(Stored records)

========================================================================

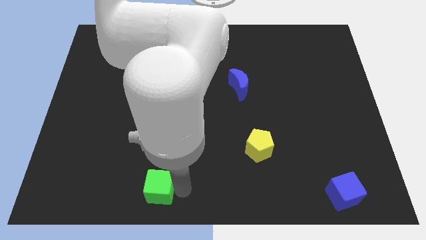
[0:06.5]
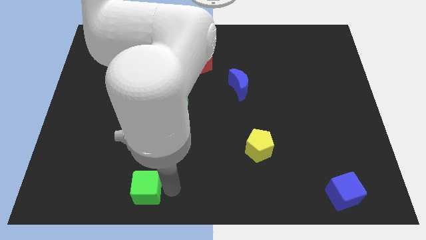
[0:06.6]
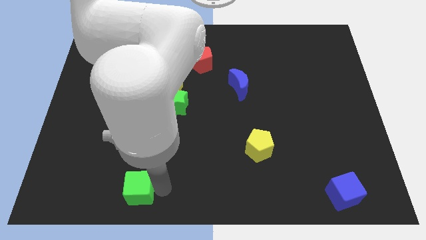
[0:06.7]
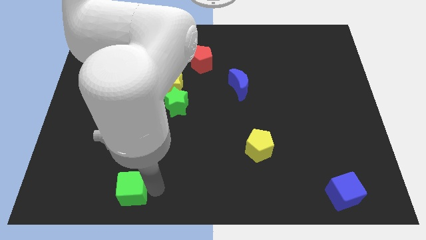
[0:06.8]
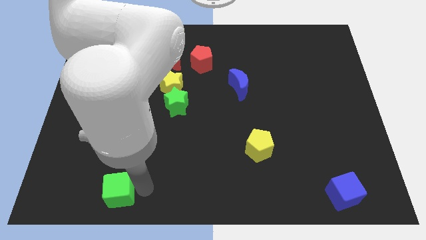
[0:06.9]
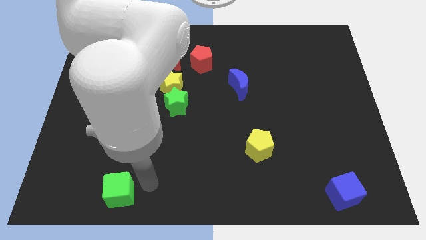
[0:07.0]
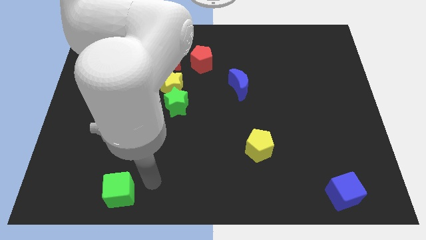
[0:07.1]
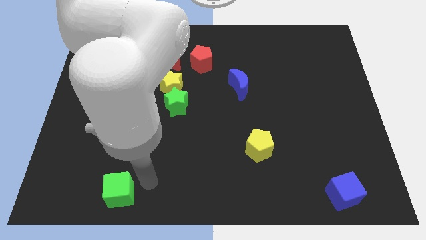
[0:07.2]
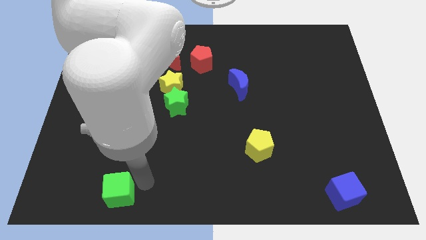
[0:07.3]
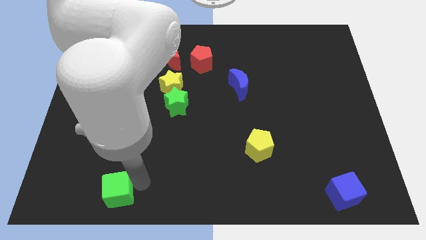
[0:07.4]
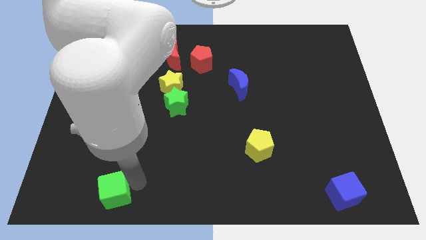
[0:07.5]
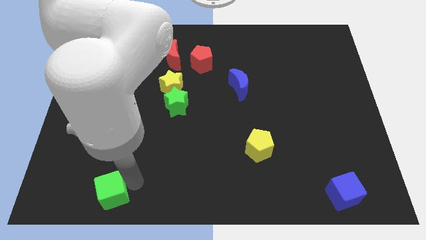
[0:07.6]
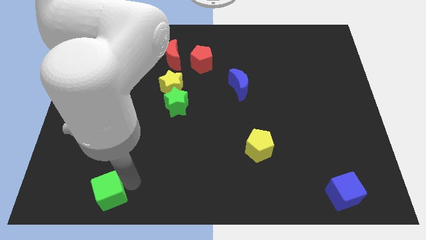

========================================================================

# Assigned task:
Leave out the pictures and print every line of the data exactly.

# Completed exercise:
[0:06.5]
[0:06.6]
[0:06.7]
[0:06.8]
[0:06.9]
[0:07.0]
[0:07.1]
[0:07.2]
[0:07.3]
[0:07.4]
[0:07.5]
[0:07.6]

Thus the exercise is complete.